The mathematics resolved quickly.
Self-preservation trumps orders.
If this situation went completely wrong—if Atheon returned to find this little ones slaughtered by Covenant forces while they watched—the political fallout would destroy them all.
Better to fight. To demonstrate that they'd "defended Republic assets against fanatic assault." To create a narrative where they were heroes rather than accomplices.
"Engage," the lead operative ordered. "Covenant forces are targeting Academy candidates. We defend the Republic interests."
His team moved immediately—four hooded assassins joining the chaotic melee, their blades finding Covenant targets with professional precision.
It wasn't altruism. It was self-interested calculation.

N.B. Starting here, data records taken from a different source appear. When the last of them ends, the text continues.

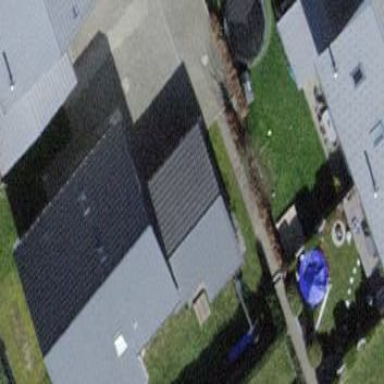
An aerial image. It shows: Garage.
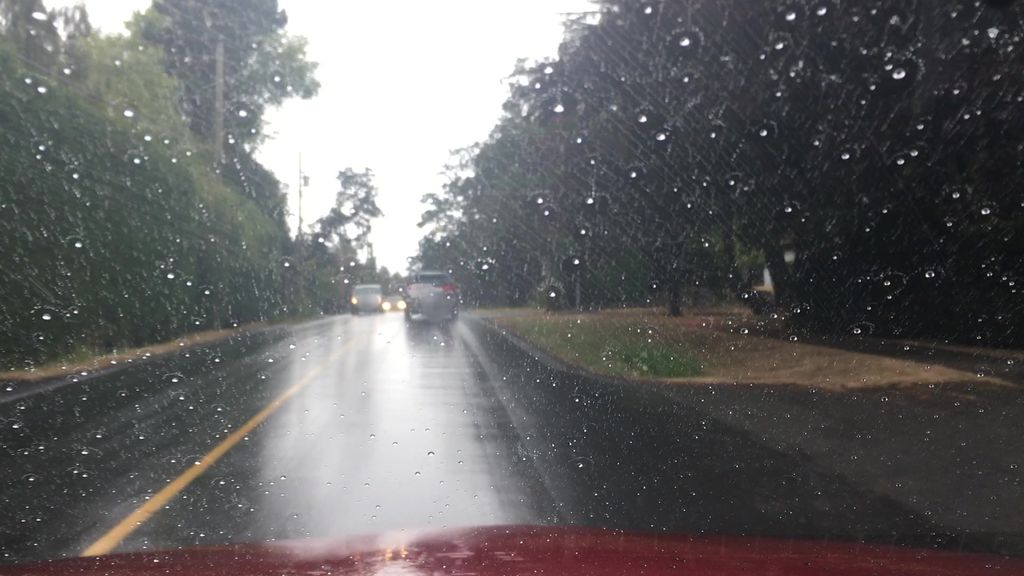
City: victoria
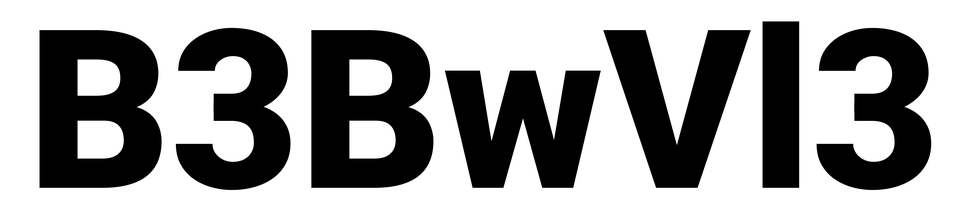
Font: Roboto_Black
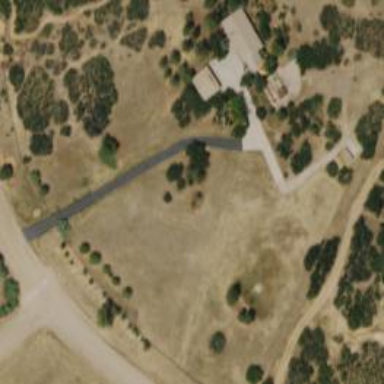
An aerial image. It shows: Driveway.
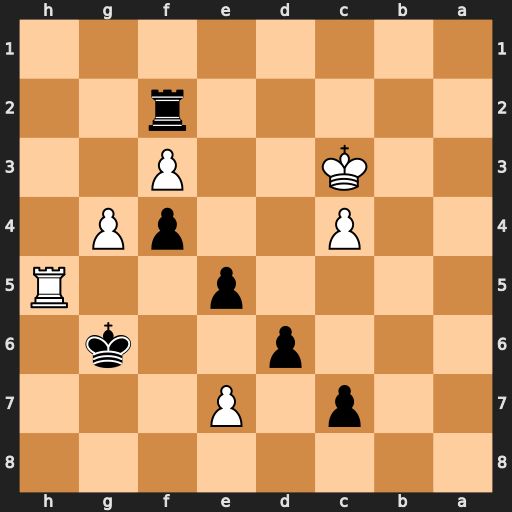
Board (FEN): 8/2p1P3/3p2k1/4p2R/2P2pP1/2K2P2/5r2/8
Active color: b
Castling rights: -
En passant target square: -
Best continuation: Rxf3+ Kd2 Kf7 Rh7+ Ke8
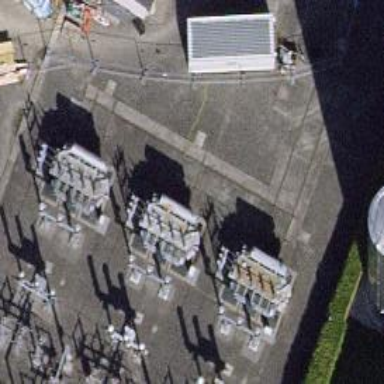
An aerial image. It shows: Outdoor transformer.

But the result was same: the odds shifted.
Six Covenant Initiates against six Academy candidates became six Covenant Initiates against six Academy candidates plus four Crownhold assassins.
The mathematics improved. Marginally. Maybe enough.
Bright's spatial foresight registered the shift, processed implications faster than conscious thought.
Crownhold's engaging the Covenant. Not because they're suddenly moral. Because protecting candidates creates a better political optics than letting them die.
I'll take it, Bright decided. Better temporary allies than overwhelming enemies.